Record extracts:
──────

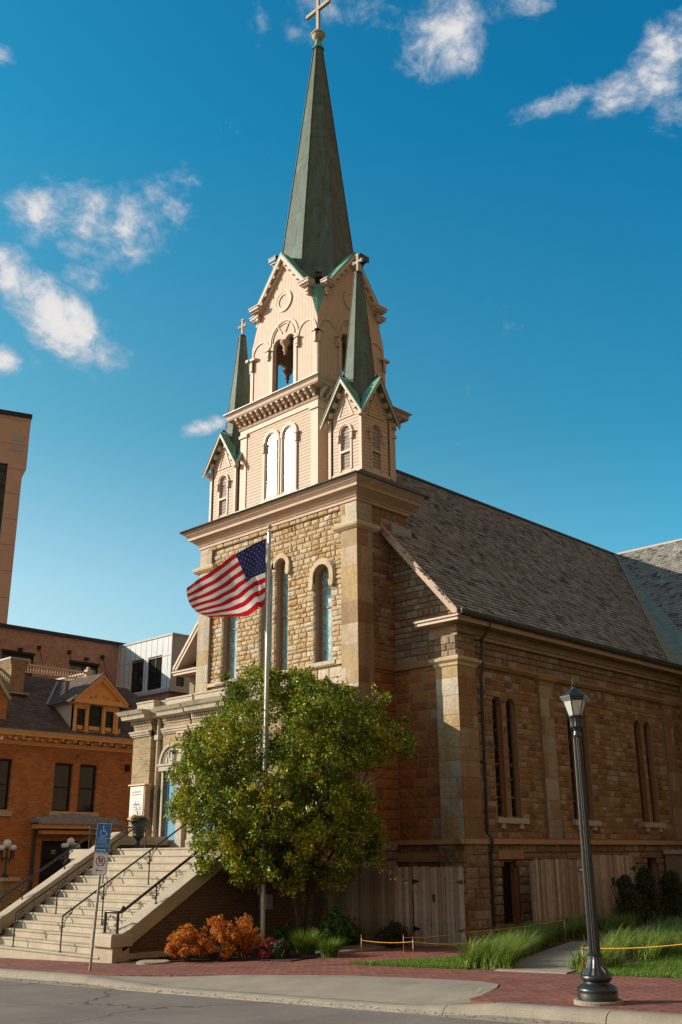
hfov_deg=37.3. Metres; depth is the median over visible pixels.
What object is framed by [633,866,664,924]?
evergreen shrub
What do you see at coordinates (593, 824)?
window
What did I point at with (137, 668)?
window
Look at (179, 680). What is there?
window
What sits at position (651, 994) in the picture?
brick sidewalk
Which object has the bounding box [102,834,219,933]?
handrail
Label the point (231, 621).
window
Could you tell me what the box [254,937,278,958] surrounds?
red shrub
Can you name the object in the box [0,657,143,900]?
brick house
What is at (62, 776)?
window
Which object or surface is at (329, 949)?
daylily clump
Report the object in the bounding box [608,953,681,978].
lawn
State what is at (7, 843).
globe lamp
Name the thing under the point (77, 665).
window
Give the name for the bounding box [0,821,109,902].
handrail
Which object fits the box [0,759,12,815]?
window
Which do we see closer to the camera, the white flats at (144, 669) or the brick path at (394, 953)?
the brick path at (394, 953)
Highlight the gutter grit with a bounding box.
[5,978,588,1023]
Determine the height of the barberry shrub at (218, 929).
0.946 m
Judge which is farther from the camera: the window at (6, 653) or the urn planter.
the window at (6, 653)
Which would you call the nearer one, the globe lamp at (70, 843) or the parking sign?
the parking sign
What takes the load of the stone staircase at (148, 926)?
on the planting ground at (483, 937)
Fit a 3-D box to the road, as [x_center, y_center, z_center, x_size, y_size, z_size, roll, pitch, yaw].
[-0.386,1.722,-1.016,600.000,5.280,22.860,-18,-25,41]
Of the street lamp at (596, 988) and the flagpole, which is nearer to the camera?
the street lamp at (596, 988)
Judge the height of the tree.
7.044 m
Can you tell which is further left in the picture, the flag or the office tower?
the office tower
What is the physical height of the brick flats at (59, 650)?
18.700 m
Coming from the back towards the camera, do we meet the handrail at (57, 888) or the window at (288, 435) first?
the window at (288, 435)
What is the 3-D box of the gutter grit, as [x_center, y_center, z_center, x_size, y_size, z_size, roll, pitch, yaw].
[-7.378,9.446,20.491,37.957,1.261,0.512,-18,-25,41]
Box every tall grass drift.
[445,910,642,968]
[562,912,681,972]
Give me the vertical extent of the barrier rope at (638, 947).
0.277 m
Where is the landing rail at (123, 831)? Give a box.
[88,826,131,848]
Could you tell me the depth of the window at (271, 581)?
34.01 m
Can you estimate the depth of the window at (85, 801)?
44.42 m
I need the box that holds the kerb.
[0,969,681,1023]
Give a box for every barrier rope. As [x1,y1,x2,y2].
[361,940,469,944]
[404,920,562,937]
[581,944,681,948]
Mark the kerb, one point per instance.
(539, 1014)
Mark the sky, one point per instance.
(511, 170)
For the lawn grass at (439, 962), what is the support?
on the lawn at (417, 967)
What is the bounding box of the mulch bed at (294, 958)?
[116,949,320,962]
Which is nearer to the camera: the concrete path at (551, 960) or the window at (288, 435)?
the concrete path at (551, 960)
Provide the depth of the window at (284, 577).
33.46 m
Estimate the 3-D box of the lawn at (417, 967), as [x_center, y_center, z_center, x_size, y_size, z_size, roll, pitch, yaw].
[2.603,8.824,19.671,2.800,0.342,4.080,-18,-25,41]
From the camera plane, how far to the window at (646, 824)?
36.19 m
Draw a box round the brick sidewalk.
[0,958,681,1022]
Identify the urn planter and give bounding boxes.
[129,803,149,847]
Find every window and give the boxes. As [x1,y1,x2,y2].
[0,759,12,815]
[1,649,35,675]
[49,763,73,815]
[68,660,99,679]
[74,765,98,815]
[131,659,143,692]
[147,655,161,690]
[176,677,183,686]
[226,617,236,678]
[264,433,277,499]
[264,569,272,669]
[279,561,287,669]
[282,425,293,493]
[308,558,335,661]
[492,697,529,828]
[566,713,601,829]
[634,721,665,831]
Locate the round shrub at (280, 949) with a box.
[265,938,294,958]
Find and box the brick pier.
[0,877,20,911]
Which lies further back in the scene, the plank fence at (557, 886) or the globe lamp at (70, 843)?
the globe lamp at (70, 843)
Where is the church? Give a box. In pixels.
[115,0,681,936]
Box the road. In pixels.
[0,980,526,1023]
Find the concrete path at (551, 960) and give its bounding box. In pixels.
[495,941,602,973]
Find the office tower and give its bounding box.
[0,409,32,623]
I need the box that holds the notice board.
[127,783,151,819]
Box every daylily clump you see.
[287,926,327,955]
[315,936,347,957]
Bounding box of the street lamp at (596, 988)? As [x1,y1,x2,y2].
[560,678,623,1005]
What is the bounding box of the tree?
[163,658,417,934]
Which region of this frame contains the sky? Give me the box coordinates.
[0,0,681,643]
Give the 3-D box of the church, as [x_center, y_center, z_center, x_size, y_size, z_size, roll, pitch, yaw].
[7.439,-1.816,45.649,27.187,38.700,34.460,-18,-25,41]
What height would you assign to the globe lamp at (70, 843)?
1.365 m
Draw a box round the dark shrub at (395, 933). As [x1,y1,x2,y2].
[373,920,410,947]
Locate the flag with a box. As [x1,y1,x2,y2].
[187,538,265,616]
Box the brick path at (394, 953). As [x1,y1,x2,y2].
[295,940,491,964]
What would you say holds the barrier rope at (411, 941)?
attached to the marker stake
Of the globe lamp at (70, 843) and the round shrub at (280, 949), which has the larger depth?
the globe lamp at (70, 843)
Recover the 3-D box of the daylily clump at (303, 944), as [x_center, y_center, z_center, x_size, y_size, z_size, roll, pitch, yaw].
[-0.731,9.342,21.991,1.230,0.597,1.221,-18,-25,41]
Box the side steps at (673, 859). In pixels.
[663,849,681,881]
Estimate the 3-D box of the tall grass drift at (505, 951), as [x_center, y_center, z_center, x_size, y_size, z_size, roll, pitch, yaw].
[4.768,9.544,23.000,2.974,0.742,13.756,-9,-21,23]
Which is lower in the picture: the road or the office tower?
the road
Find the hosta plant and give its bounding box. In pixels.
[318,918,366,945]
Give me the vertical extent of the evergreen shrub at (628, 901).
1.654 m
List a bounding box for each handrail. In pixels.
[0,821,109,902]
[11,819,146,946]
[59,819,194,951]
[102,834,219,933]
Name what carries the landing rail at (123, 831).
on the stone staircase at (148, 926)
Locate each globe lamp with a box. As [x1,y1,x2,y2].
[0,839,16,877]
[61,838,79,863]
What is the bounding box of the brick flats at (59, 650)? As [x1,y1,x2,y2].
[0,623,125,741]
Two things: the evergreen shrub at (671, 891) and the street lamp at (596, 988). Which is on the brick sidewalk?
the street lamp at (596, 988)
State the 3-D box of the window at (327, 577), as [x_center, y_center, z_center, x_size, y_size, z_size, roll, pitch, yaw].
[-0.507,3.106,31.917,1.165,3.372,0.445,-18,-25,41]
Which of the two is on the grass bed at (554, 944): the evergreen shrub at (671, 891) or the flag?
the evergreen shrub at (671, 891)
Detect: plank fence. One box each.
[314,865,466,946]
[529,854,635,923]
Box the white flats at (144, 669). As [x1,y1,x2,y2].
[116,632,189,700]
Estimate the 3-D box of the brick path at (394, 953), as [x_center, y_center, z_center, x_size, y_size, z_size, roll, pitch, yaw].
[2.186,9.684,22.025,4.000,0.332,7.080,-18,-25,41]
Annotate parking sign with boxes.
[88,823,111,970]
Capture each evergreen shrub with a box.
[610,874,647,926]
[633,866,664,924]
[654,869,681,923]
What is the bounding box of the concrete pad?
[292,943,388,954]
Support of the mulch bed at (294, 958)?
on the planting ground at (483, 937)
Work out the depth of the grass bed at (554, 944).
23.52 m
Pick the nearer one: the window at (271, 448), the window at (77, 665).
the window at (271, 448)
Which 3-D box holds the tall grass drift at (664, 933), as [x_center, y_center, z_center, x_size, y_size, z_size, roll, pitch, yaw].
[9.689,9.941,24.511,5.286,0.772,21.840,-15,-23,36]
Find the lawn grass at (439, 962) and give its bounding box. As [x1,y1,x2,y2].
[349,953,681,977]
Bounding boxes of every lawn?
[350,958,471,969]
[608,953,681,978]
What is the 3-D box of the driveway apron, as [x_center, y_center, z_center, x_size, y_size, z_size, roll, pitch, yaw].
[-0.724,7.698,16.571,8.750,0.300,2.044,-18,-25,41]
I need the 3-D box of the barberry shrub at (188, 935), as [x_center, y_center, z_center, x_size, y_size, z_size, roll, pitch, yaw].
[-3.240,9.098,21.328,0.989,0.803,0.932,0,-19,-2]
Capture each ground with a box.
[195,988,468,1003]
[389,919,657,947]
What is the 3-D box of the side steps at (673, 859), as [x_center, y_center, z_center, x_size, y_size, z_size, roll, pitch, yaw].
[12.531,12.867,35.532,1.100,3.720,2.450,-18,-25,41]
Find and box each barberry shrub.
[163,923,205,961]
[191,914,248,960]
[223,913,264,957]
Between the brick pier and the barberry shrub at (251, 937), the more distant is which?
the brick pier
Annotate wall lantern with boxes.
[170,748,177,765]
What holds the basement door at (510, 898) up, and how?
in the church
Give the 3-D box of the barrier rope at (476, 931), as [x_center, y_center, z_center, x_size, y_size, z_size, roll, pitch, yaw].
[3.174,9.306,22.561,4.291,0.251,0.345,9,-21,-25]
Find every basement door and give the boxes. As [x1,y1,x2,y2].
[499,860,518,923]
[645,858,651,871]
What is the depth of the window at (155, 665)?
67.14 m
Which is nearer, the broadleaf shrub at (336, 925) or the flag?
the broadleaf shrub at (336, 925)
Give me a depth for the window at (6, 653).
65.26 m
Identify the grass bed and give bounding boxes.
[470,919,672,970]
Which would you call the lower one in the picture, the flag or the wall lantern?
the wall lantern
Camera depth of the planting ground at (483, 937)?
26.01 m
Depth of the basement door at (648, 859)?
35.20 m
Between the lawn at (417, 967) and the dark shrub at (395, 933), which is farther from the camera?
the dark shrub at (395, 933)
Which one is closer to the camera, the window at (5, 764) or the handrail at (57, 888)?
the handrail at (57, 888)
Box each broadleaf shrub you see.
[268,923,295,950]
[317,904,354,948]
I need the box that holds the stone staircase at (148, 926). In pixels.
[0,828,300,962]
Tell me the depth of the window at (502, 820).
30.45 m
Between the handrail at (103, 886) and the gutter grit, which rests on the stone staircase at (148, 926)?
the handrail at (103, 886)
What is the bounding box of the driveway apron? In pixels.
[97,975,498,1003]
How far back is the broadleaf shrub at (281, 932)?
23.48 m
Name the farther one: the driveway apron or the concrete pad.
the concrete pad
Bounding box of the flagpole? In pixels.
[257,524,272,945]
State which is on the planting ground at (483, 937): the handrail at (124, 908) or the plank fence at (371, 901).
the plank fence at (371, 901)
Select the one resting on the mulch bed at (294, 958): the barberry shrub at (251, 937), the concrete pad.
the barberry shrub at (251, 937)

──────

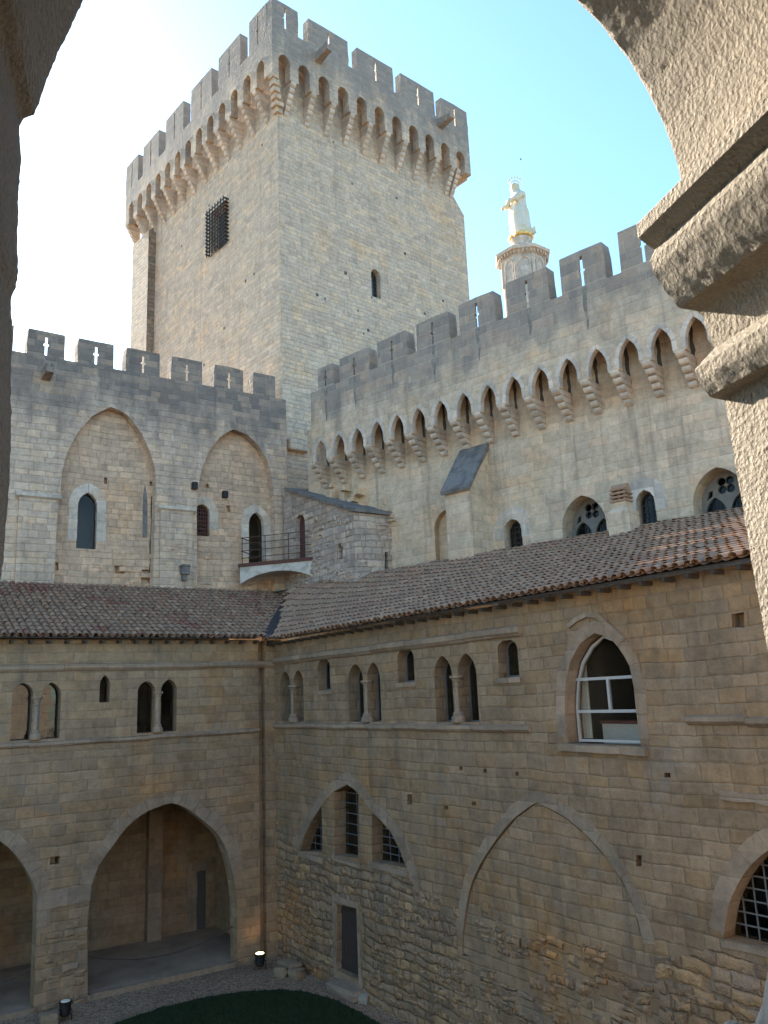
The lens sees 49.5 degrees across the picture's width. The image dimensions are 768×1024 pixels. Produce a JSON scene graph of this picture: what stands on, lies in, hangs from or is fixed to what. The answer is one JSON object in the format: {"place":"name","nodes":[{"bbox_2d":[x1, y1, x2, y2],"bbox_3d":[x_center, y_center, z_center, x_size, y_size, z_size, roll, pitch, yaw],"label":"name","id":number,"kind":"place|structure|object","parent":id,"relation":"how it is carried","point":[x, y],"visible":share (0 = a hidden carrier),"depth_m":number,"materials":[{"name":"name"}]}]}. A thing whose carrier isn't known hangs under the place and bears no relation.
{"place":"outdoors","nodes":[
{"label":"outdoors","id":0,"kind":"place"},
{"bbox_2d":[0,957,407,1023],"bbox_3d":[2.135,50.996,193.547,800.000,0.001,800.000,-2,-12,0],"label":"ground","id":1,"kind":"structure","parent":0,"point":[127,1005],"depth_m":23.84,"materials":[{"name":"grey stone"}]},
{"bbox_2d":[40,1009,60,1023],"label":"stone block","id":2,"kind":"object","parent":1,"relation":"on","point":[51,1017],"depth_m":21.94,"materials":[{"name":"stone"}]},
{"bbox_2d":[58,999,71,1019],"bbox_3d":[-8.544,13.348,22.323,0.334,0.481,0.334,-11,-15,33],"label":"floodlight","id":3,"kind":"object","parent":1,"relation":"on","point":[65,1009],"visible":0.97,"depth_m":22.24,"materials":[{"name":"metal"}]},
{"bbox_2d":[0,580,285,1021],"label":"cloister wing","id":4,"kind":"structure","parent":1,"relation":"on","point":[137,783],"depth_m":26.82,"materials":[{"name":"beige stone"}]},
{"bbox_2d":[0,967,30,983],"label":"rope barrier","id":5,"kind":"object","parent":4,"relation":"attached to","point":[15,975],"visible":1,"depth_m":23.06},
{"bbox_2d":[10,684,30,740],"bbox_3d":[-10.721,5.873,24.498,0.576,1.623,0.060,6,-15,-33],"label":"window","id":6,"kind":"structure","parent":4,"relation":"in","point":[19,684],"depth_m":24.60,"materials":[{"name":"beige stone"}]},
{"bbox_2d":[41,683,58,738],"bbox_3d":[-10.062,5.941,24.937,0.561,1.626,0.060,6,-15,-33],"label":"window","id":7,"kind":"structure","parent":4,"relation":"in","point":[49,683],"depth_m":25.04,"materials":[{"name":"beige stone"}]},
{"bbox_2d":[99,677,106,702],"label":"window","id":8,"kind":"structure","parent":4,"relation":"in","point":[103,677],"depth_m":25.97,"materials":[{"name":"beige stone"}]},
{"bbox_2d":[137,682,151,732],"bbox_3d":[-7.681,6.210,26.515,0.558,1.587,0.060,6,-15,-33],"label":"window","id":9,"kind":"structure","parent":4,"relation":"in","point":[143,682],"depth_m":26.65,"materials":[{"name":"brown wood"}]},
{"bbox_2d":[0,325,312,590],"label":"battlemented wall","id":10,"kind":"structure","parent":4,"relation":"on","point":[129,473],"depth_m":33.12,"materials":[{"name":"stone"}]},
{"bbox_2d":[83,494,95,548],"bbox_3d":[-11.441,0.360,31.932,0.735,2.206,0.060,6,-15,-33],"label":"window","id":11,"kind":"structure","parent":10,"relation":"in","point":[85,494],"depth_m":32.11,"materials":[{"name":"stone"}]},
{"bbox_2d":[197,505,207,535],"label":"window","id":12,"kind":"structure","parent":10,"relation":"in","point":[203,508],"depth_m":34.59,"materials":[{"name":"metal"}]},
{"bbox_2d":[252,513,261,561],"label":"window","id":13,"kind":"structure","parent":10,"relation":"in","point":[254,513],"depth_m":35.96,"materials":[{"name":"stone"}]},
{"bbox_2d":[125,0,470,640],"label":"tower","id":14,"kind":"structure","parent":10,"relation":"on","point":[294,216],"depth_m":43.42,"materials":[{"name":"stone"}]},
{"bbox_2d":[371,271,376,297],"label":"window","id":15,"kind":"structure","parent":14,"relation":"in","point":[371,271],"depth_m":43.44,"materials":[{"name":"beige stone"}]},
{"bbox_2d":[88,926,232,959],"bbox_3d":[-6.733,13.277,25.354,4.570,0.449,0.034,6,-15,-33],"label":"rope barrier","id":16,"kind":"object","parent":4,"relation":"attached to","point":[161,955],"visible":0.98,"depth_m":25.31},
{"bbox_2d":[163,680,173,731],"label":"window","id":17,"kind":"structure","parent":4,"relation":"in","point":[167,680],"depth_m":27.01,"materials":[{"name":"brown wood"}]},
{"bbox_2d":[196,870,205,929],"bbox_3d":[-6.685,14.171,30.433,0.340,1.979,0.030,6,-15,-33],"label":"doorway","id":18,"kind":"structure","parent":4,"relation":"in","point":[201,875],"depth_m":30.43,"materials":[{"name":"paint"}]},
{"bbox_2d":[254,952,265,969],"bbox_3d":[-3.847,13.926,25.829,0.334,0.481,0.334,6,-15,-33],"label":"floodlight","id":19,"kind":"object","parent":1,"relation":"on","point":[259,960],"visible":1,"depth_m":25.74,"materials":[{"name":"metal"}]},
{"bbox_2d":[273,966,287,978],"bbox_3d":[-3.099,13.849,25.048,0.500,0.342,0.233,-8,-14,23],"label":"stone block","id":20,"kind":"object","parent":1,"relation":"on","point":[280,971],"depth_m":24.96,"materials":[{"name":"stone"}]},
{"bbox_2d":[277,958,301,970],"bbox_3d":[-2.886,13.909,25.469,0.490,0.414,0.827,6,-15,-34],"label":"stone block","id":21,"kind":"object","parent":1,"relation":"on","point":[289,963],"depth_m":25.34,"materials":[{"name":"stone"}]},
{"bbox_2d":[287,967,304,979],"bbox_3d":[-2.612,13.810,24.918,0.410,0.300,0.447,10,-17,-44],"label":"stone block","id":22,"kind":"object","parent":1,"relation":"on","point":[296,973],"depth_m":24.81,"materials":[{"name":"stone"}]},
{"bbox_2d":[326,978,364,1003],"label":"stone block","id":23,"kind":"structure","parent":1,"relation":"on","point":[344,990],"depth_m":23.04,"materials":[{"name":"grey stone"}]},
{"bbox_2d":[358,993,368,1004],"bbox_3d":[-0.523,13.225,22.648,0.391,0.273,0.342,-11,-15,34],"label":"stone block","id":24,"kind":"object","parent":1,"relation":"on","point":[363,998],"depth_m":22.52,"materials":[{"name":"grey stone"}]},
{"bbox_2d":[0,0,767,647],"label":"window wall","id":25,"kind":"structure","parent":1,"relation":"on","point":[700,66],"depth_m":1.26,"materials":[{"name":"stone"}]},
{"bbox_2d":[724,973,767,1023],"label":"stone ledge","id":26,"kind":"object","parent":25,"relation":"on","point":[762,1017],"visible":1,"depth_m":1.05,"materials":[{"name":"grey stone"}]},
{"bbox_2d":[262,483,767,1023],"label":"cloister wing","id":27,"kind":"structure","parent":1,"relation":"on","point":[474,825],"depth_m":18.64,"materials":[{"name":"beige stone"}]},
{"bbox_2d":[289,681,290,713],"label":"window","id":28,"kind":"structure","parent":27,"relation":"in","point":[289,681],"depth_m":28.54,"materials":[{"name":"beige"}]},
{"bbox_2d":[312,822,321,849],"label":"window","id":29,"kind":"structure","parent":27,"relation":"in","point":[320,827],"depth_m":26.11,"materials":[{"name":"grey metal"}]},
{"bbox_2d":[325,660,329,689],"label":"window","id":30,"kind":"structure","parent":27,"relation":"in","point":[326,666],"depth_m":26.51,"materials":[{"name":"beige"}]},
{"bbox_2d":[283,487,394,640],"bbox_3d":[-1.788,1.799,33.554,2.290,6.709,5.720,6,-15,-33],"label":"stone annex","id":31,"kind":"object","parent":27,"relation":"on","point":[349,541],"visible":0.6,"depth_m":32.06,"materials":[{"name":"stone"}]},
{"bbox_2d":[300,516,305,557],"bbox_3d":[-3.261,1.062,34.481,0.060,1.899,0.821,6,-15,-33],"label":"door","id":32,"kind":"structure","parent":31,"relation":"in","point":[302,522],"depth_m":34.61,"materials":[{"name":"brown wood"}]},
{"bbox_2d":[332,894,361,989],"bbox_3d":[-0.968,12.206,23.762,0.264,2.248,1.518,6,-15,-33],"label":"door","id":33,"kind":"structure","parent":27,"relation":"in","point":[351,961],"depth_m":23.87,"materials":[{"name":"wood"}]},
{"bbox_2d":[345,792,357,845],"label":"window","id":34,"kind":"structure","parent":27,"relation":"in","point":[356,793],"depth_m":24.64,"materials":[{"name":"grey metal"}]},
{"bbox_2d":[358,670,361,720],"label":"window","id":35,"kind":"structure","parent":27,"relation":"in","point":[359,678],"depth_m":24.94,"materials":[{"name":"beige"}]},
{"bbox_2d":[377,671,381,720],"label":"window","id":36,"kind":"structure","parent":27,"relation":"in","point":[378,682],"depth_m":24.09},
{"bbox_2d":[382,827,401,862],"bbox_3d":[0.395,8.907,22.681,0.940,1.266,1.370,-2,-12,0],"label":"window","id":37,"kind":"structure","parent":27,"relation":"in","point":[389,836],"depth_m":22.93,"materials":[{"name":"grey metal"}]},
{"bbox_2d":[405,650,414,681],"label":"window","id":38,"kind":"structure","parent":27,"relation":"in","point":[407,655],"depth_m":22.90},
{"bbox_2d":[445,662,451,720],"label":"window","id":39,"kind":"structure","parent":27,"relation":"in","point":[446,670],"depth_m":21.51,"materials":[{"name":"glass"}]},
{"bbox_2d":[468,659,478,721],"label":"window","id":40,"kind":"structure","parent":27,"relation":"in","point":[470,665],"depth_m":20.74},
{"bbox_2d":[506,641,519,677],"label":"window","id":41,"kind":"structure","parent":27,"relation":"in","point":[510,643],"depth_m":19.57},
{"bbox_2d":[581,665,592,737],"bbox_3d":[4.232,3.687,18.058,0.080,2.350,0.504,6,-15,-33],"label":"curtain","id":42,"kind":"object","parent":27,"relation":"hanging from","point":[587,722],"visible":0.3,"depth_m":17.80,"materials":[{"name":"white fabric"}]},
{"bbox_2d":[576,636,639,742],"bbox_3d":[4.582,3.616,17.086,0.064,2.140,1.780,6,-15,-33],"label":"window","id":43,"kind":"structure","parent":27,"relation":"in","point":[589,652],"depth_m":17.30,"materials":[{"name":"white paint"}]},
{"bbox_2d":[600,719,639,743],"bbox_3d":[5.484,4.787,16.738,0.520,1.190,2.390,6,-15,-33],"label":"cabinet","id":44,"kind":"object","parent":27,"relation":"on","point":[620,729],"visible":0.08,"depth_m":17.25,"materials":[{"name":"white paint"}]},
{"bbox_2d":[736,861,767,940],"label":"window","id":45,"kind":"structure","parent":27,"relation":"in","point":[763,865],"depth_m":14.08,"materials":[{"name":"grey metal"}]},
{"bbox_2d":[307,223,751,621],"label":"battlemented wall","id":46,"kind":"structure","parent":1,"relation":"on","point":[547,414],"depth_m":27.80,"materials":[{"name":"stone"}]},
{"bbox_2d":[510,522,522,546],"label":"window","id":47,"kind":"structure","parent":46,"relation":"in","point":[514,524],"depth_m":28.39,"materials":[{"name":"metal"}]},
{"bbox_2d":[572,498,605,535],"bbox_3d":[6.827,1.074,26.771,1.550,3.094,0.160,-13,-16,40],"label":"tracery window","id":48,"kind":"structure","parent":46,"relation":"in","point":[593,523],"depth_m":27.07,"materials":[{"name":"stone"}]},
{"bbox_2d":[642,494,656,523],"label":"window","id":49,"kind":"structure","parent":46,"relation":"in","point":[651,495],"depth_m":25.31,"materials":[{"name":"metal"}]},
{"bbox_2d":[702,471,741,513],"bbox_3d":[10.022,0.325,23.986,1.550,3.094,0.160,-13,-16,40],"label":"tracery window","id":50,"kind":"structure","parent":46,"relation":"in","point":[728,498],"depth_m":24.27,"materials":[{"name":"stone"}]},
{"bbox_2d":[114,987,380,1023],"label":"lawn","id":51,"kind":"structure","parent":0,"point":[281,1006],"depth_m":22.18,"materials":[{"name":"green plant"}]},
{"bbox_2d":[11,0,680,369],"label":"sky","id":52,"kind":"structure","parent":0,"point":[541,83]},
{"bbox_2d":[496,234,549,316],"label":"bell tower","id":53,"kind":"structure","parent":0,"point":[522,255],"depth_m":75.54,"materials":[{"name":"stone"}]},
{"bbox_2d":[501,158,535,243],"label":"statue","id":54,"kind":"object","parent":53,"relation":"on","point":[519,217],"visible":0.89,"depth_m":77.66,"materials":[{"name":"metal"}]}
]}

──────

Every line of the records containing the word "steps" must appear in the answer.

Box the side steps at (673, 859). In pixels.
What is the 3-D box of the side steps at (673, 859), as [x_center, y_center, z_center, x_size, y_size, z_size, roll, pitch, yaw].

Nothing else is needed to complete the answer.